Gonflement des ganglions du cou et de l'aisselle. Raideur du cou. Douleurs lancinantes dans le dos et la poitrine. Points brûlants dans la colonne vertébrale. Douleur dans le dos, la nuit, l'obligeant à se coucher sur l'abdomen. Douleurs aiguës dans le dos et les membres dans le tabes dorsalis. Douleurs aiguës dans le dos à la toux.
Douleurs rhumatismales dans les membres. Amaigrissement des bras et des cuisses. Faiblesse des membres. Hydropisie des membres. Ongles déformés. Douleurs rhumatismales dans les membres supérieurs. Douleurs lancinantes. Douleurs lancinantes dans les membres par temps froid. Engourdissement des bras et des mains. Taches couleur cuivre sur les bras. Engelures aux mains et aux doigts. Mains froides et moites. Nombreuses grosses verrues sur le dos des mains. Herpès entre les doigts. Vésicules au bout du pouce s'ouvrant en ulcères, panaris, ongles déformés et décolorés.
Ongles jaunes et recourbés, sensation d'écharde sous les ongles. Il est utile dans les plaies qui s'enflamment et présentent la sensation d'« écharde ». Déchirement dans les os longs des membres inférieurs la nuit. Les jambes sont lasses et meurtries. Douleur à la hanche comme foulée. Douleurs lancinantes le long des nerfs comme par des échardes. Nodosités syphilitiques sur le tibia avec douleurs nocturnes. Engelures aux pieds et aux orteils. Ampoules phagédéniques aux orteils (
Graph
.). Sensibilité douloureuse extrême du tibia. Sueur abondante et fétide des pieds.
Secousses en s'endormant (
Agar., Arg. n., Ars., Nat. m.).
La douleur survient pendant le sommeil. Sursauts dans le sommeil. Sommeil anxieux, non réparateur, avec rêves affreux.

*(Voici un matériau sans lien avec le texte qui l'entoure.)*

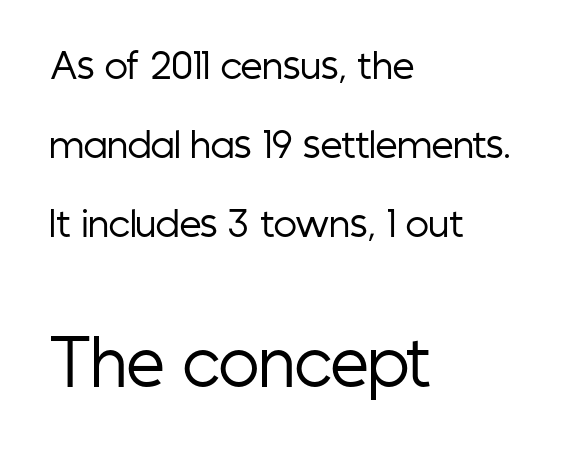
The image shows 61 px regular-weight, condensed sans-serif type, upright; set left-aligned, loose line spacing (2.26x), normal letter spacing, not underlined; the second (bottom) block is 1.74x larger; low stroke contrast and a medium x-height.
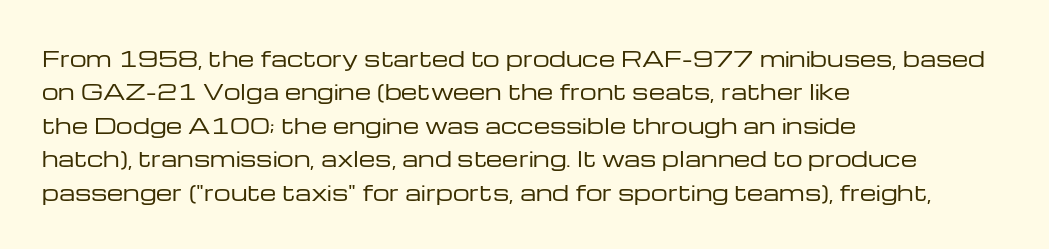
Q: Is the text bold? A: No.
Q: Is the text italic (slanted)? A: No, it is upright.
Q: Is the text underlined? A: No.
Q: How is the paragraph aligned? A: Left-aligned.
Q: Is the spacing between letters normal or unusually wide? A: Normal.
Q: Is the spacing between lines tight, normal or loose? A: Normal.
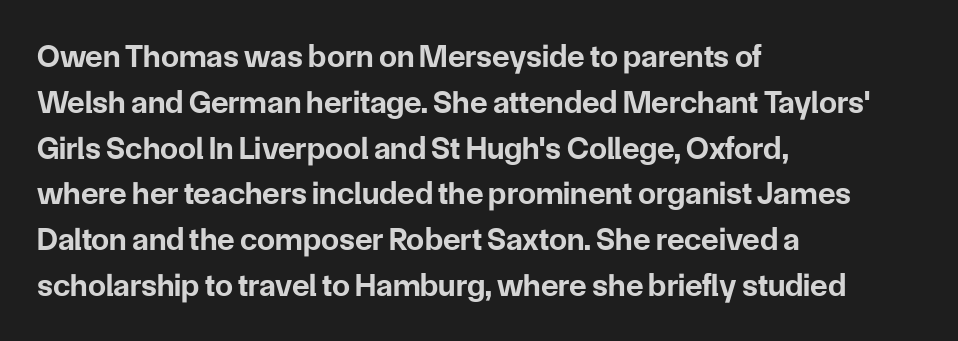
Reading down the block, your eye returns to a fixed left position each line. What stands out about the letter spacing? Nothing — it is the standard amount. The string is rendered with underlining switched off. A typesetter would mark this as roman, not italic.

Acide nitrique est un remède très utile dans les fièvres. L'absence de soif pendant tous les stades y a souvent fait penser. Mains et pieds froids. Fièvre intermittente chronique chez les constitutions cachectiques, sueurs nocturnes abondantes, faiblesse extrême, avec l'odeur caractéristique de l'urine, et hémorragie de quelque partie que ce soit, d'un sang noir ; ce remède agira bien.